Every now and then on Reddit, somebody asks a fun question that demands an answer. This week it is the turn of user TheSum239, who asks, "If I'm in space and there is a body with less mass than me like a pen will the pen orbit me?"
The question is a good one. The answer seems obvious (you are a source of mass, as is the pen, so you will be attracted to each other via gravity) but the details are pretty interesting. Let's dive in.
The short answer is that yes, it is theoretically possible for the pen to begin orbiting you, creating your own human-pen system, like a moon that is manufactured by Bic. But you would need to be far from another source of mass for this to be achievable, and, unless you're packing a truly astonishing amount of mass for a human, you would need to nudge the pen at a truly teeny tiny velocity in order to achieve your noble goal of becoming your own solar system*. Even then, a stable and continued orbit is unlikely.
To answer the question properly, we need to simplify it somewhat.
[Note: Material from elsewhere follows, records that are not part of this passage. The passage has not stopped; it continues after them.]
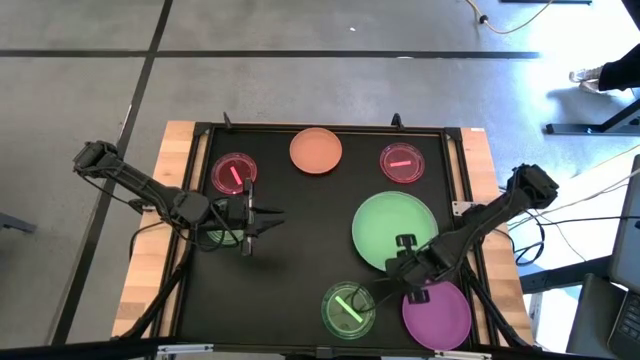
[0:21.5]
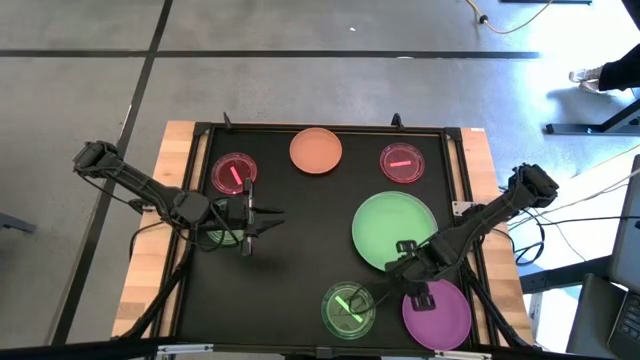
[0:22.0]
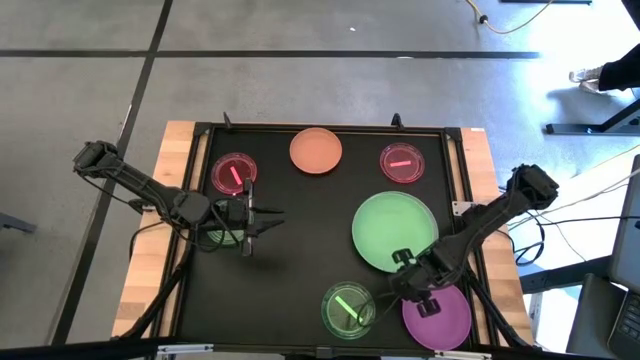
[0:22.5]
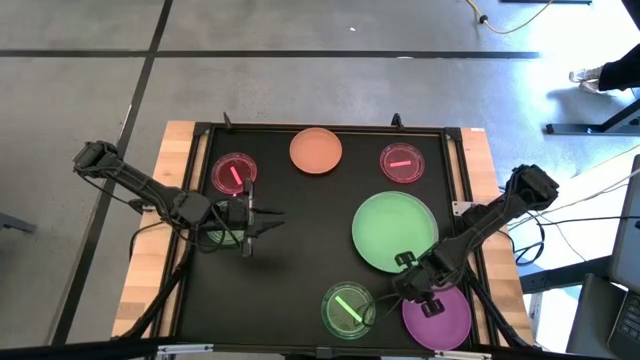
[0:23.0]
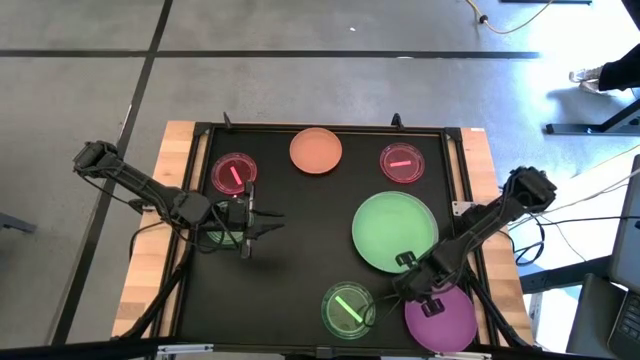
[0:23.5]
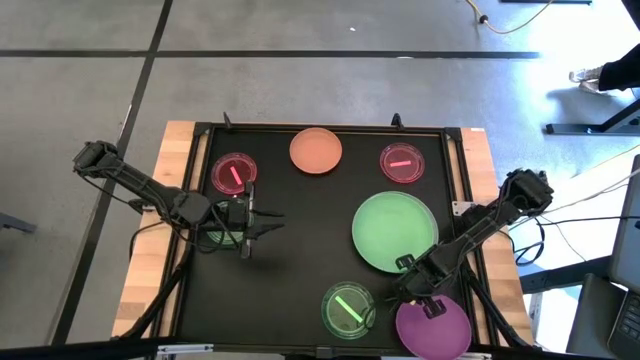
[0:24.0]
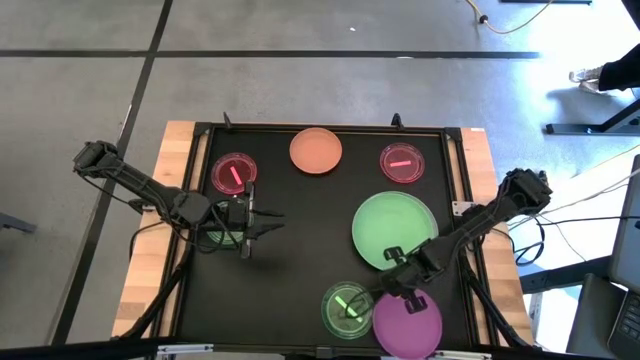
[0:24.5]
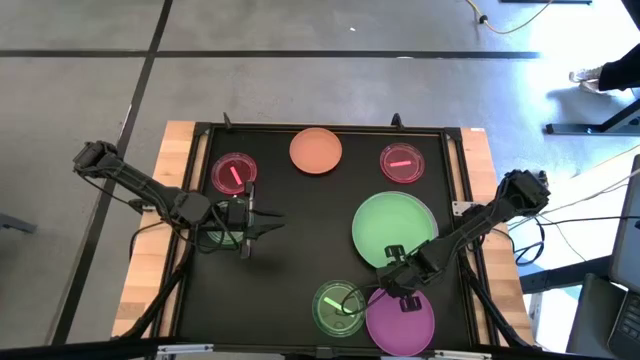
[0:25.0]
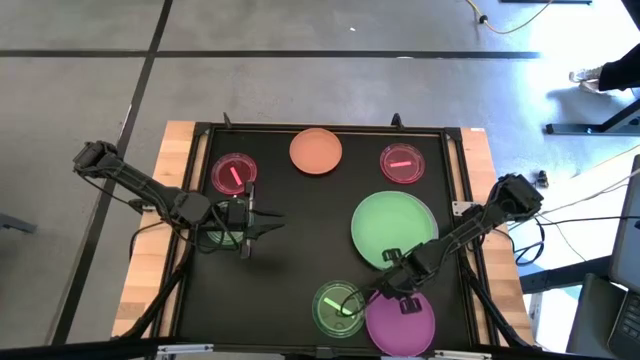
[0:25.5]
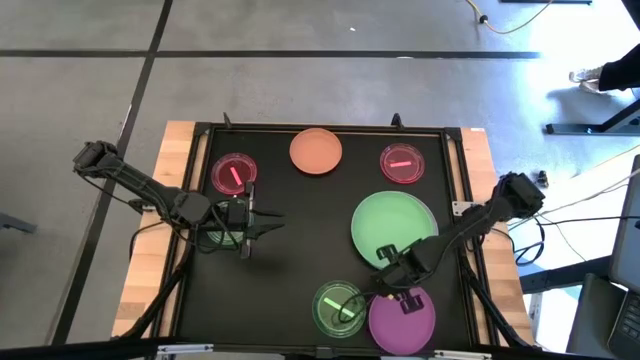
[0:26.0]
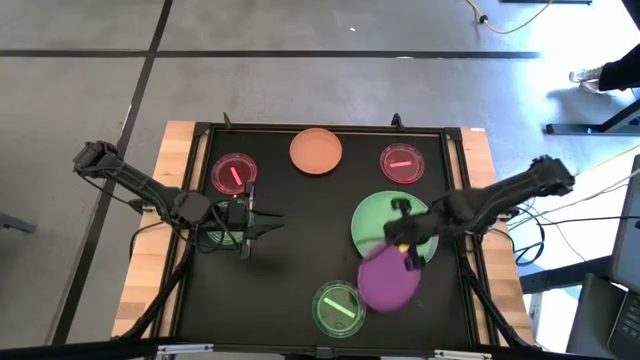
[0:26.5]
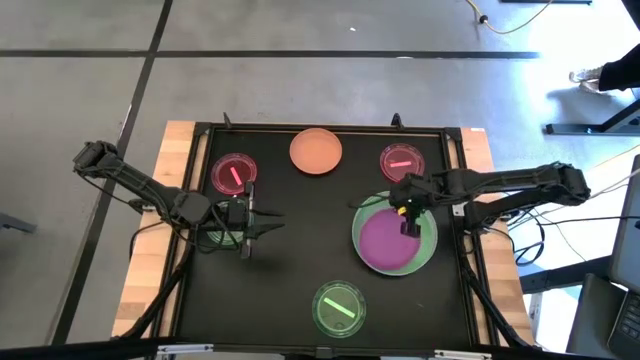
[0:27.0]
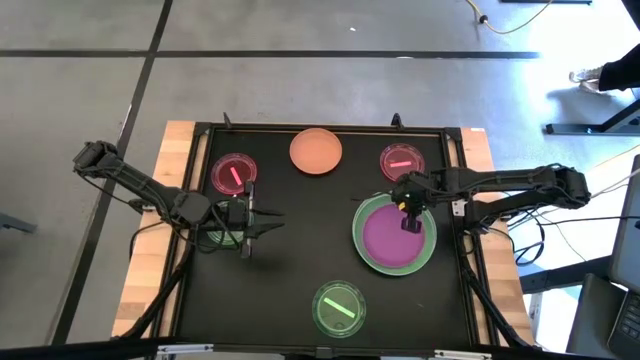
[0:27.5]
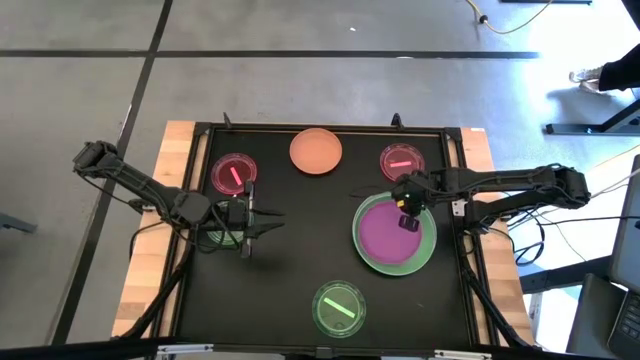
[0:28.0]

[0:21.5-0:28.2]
Task: Stack plastic plates
Stack the purple plate on top of the green plate

As physicists famously tend to do, we need to turn you and your pen into a sphere, whilst retaining their densities.
Humans are roughly as dense as water, sometimes in both senses, at around 1,000 kg/m3. We're going to make things easy on ourselves and pick a nice round number, and assume you are around 80 kg (176 pounds). To calculate your volume, as any high school revision website will tell you, we simply need to divide your mass by your density, giving us 0.08 m3.
Next, we use the formula for a volume of a sphere to get your human-ball radius, which is 27 centimeters or about 11 inches (again, with a few assumptions about your weight and density).
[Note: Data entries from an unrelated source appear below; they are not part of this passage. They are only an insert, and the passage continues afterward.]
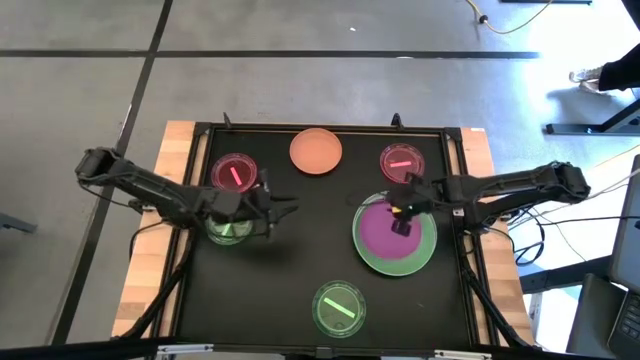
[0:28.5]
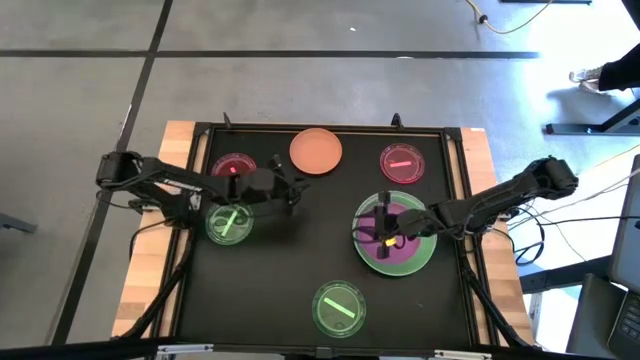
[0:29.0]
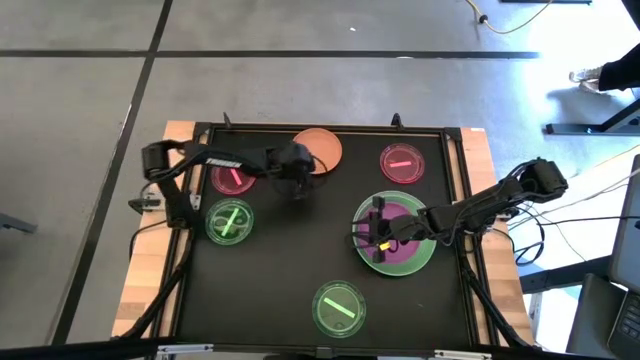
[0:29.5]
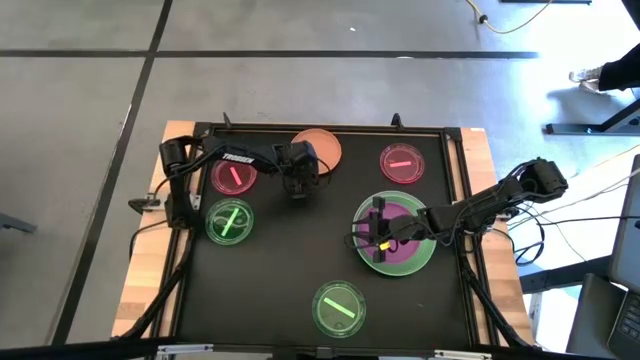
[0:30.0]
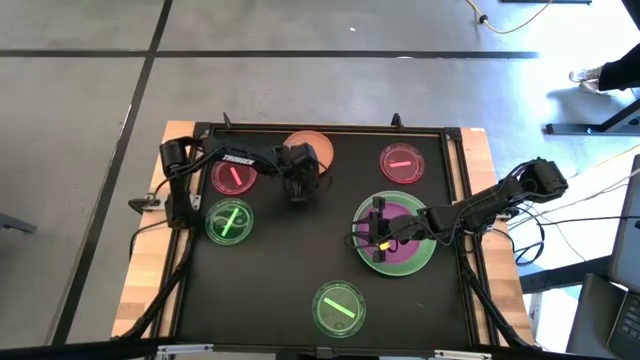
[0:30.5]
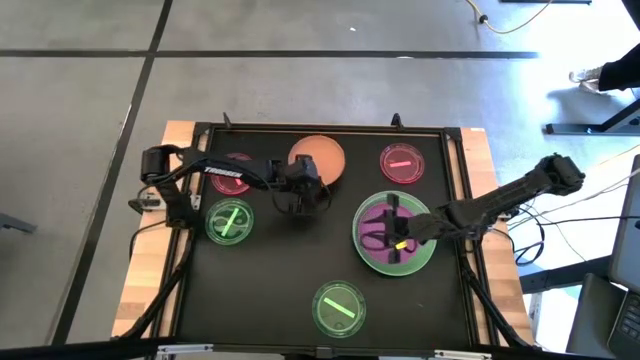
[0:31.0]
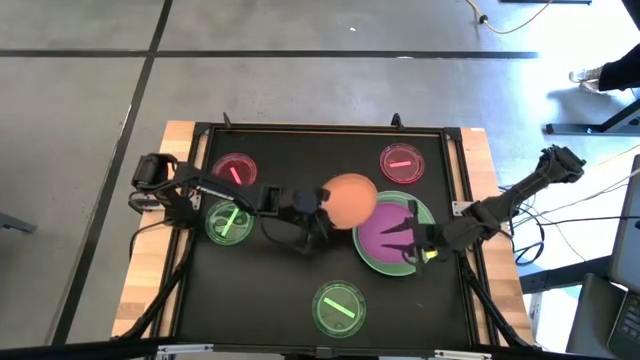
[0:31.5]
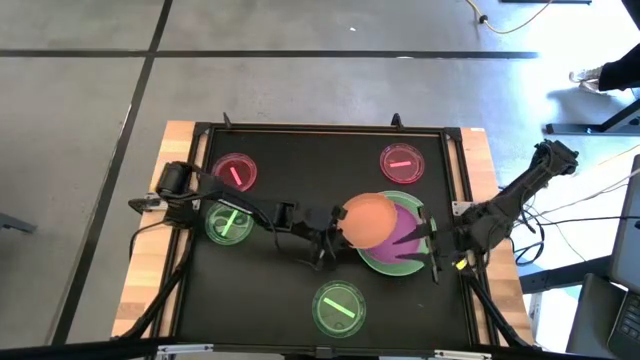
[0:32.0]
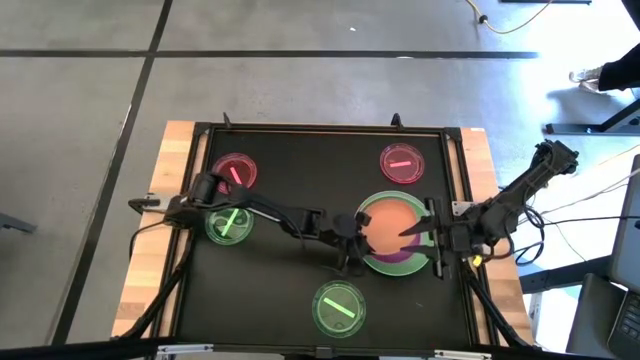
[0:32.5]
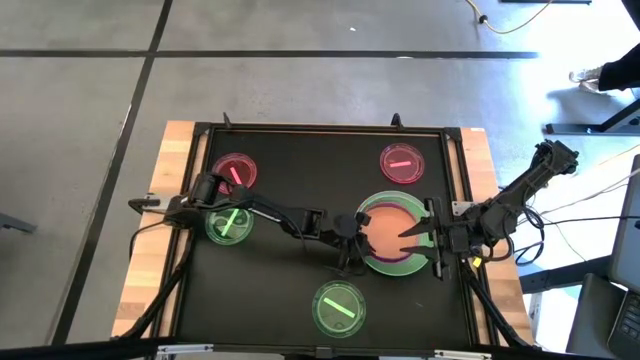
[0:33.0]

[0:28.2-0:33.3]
Stack the orange plate on top of the purple plate

You will both be orbiting your shared center of mass, but given how much larger you are than the pen, this center of mass will be inside of you, given how tiny the pen's mass is in comparison to your own (no offence meant). But the pen, crucially, cannot be inside you, so we will assume that you want your pen/moon to orbit you at a distance of around 1 meter (3 feet) from your center to make it nice and neat.
Next, we can use the escape velocity formula. This bit too, now that everything is spherical, is nice and easy.
"The escape velocity formula is independent of the properties of the escaping object," Omni Calculator explains. "The only thing that matters is the mass and radius of the celestial body in question."
That gives us an escape velocity of 0.00010334 m/s, meaning that if you push your pen any faster than that, buddy you are losing yourself a pen, doomed to drift apart forever. In order to find a stable orbit, we need to rely on the hard work of physicists who came before us.
"Escape velocity decreases with altitude and is equal to the square root of 2 (or about 1.414) times the velocity necessary to maintain a circular orbit at the same altitude," Encyclopedia Britannica explains.
Performing that taxing calculation (dividing by 1.414) we get 0.00007308345 m/s. Should you, a spherical human stuck in space, be able to push the pen at that tiny speed you would turn yourself into a two-body system, with the pen orbiting around you nicely, until some other tiny force disturbs the system and sends it into chaos.
*yes, we know you technically aren't a sun.